As explained above, in the present invention, the suction tank 5 has the structure shown in FIG. 1 does not sud- denly draw in a large amount, so the rotational load on the compressor is small and cooling operation can now be performed using a low-output prime mover.

According to this embodiment, the structure of the suction tank 5 (FIG. 3) can be manufactured by slightly modifying the conventional structure (FIG. 2), and there is almost no difference in price.

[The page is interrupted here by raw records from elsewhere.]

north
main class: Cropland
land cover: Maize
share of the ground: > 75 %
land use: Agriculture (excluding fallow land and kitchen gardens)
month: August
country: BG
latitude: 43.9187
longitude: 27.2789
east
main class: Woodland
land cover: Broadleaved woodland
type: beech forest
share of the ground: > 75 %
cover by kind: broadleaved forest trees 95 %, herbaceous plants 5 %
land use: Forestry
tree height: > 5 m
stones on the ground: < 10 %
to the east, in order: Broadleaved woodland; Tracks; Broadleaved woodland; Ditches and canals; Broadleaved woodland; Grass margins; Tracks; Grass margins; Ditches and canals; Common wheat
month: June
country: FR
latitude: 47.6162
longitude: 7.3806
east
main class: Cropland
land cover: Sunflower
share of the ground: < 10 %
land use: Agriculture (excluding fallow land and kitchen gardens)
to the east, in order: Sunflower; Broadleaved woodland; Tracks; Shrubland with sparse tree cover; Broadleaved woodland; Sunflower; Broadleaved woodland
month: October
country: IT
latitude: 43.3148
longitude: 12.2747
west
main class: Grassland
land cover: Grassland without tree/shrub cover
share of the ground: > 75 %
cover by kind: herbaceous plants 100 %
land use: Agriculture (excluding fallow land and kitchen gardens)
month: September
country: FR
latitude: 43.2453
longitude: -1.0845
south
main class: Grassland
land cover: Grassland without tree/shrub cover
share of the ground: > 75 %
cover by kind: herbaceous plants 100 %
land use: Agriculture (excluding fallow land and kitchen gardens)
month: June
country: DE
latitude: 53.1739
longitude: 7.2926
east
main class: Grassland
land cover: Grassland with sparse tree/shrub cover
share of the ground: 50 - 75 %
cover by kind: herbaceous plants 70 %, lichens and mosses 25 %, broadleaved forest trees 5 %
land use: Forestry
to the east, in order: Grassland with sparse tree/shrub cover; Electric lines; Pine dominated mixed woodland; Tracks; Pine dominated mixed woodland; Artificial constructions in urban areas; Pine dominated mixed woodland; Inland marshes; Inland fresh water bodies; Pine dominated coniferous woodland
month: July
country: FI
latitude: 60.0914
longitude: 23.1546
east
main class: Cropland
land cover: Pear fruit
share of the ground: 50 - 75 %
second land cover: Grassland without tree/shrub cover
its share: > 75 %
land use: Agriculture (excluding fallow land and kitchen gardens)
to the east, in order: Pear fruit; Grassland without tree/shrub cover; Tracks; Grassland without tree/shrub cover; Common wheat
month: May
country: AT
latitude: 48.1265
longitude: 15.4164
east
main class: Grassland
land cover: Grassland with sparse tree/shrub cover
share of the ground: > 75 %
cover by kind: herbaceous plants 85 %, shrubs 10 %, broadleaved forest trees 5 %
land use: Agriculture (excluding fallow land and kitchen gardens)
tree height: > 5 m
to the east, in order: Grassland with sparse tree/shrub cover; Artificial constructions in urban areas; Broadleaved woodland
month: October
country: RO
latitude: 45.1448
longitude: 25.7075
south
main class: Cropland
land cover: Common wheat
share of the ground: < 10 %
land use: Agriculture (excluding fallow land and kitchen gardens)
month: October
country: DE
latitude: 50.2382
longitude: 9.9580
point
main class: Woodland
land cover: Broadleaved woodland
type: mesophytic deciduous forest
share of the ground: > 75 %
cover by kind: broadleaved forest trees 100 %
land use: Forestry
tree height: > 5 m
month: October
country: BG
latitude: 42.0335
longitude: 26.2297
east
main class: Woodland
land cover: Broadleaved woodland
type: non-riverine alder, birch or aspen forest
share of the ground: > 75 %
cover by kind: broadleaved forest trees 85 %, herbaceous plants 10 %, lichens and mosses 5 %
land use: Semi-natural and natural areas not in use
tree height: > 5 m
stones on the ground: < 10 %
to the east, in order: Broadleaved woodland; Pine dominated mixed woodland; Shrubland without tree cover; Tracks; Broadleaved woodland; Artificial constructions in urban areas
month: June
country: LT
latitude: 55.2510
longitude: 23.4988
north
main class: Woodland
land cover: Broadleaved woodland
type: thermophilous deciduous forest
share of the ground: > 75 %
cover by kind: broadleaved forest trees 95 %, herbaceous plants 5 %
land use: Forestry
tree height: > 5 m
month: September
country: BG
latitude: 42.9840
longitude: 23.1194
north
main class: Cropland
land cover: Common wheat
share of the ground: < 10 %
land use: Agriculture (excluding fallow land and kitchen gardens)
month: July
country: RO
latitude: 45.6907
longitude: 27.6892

[Brief explanation of the drawing]

Figure 1 is a configuration diagram of the refrigeration cycle of a conventional air conditioner, Figure 2 is a structural diagram of a conventional suction tank,
3 and 5 to 9 are structural diagrams of a suction tank according to an embodiment of the present invention, and FIG. 4 is a diagram showing the performance of an embodiment of the present invention. 1...Rotary compressor, 2...Condensing heat exchanger,
3... Evaporation heat exchanger, 4... Capillary tube, 5... Suction tank, 5', 5''... Tank body, 7... Liquid refrigerant, 8... Refrigerating machine oil, 9...
... Net, 10 ... Refrigerant inlet pipe, 11 ... Refrigerant discharge pipe, 12, 12' ... Refrigerating machine oil passage small hole, 13 ... Full plate, 16 ... Refrigerant jet, 1
7...vapor flow, 18...liquid flow, 19...pipe, → indicates the direction in which the refrigerant flows.

Claims (1)

[Claims] 1. In the refrigeration cycle of an air conditioner having a suction tank between the refrigerant discharge port of the evaporative heat exchanger and the refrigerant suction port of the compressor, the suction tank has a tank body, an upper end of the tank body, a refrigerant inlet pipe connected to the refrigerant discharge port;
A buttful plate is installed horizontally above the tank body, and is attached to the buttfull plate and hangs downwardly within the tank body, and is bent below the tank body to position its discharge port above the tank body. and a refrigerant discharge pipe connected to the lower part of the tank body and the refrigerant suction port, with the suction port located above the tank body, and the pipe has a mounting position on the butt-full plate. A refrigeration cycle for an air conditioner, characterized in that the refrigerant inlet pipe is deviated from the flow direction of the refrigerant flowing out from the refrigerant inlet pipe, and a small hole is formed in a lower bent portion.